From: Greg Kroah-Hartman <gregkh@linuxfoundation.org>
To: stable@vger.kernel.org
Cc: Greg Kroah-Hartman <gregkh@linuxfoundation.org>,
patches@lists.linux.dev,
Nicholas Kazlauskas <Nicholas.Kazlauskas@amd.com>,
Jasdeep Dhillon <jdhillon@amd.com>,
Stylon Wang <stylon.wang@amd.com>,
Alex Deucher <alexander.deucher@amd.com>,
"Limonciello, Mario" <mario.limonciello@amd.com>
Subject: [PATCH 6.1 29/42] drm/amd/display: Fix race condition in DPIA AUX transfer
Date: Wed, 1 Mar 2023 19:08:50 +0100 [thread overview]

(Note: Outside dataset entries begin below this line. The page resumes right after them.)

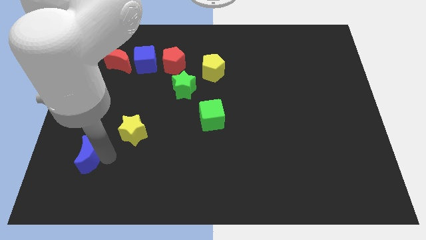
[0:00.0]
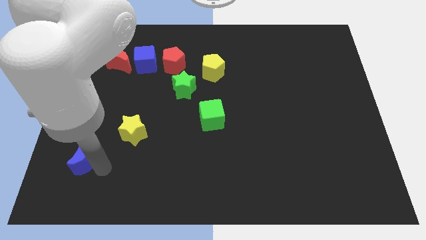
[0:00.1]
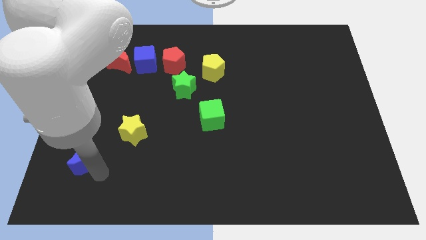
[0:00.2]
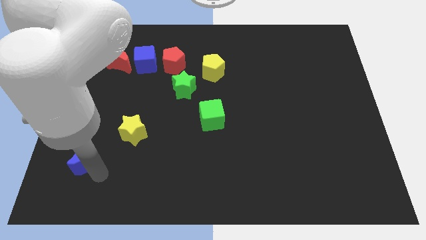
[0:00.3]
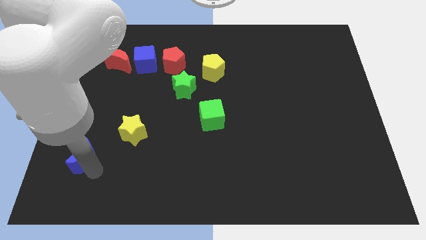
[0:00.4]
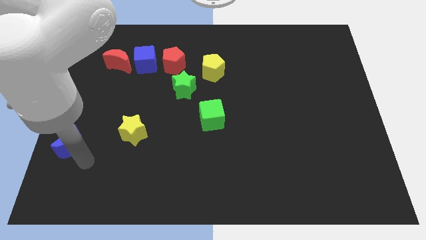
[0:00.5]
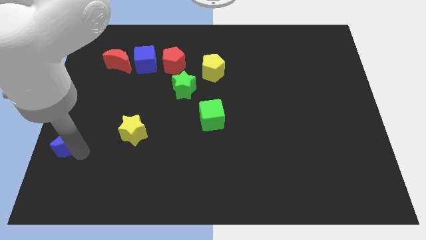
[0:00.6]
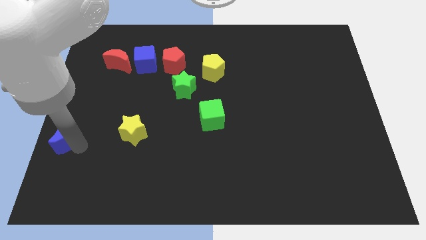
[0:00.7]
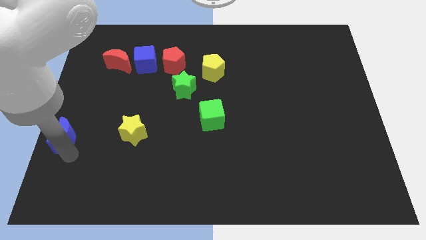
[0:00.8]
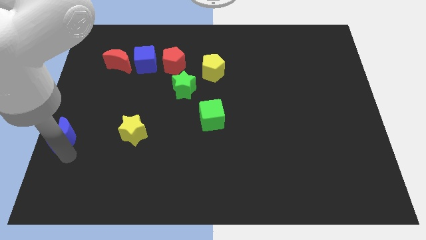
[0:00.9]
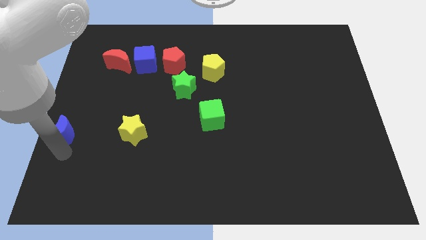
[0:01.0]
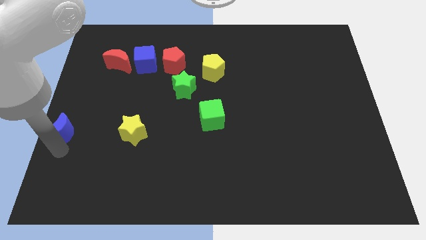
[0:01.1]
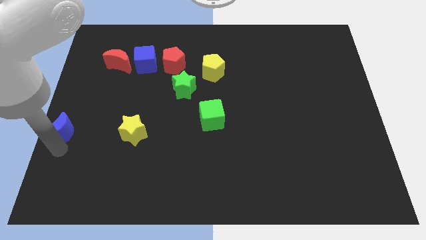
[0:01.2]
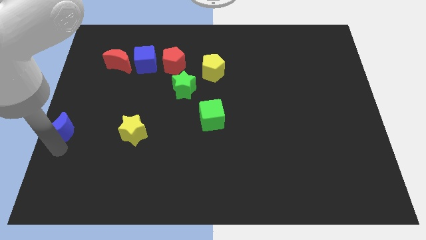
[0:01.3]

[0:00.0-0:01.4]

Message-ID: <20230301180658.363778517@linuxfoundation.org> (raw)
In-Reply-To: <20230301180657.003689969@linuxfoundation.org>
From: Stylon Wang <stylon.wang@amd.com>
commit ead08b95fa50f40618c72b93a849c4ae30c9cd50 upstream.
[Why]
This fix was intended for improving on coding style but in the process
uncovers a race condition, which explains why we are getting incorrect
length in DPIA AUX replies. Due to the call path of DPIA AUX going from
DC back to DM layer then again into DC and the added complexities on top
of current DC AUX implementation, a proper fix to rely on current dc_lock
to address the race condition is difficult without a major overhual
on how DPIA AUX is implemented.
[How]
- Add a mutex dpia_aux_lock to protect DPIA AUX transfers
- Remove DMUB_ASYNC_TO_SYNC_ACCESS_* codes and rely solely on
aux_return_code_type for error reporting and handling
- Separate SET_CONFIG from DPIA AUX transfer because they have quiet
different processing logic
- Remove unnecessary type casting to and from void * type
Reviewed-by: Nicholas Kazlauskas <Nicholas.Kazlauskas@amd.com>
Acked-by: Jasdeep Dhillon <jdhillon@amd.com>
Signed-off-by: Stylon Wang <stylon.wang@amd.com>
Signed-off-by: Alex Deucher <alexander.deucher@amd.com>
Cc: "Limonciello, Mario" <mario.limonciello@amd.com>
Signed-off-by: Greg Kroah-Hartman <gregkh@linuxfoundation.org>
---
drivers/gpu/drm/amd/display/amdgpu_dm/amdgpu_dm.c | 147 ++++++--------
drivers/gpu/drm/amd/display/amdgpu_dm/amdgpu_dm.h | 17 +
drivers/gpu/drm/amd/display/amdgpu_dm/amdgpu_dm_helpers.c | 10
3 files changed, 89 insertions(+), 85 deletions(-)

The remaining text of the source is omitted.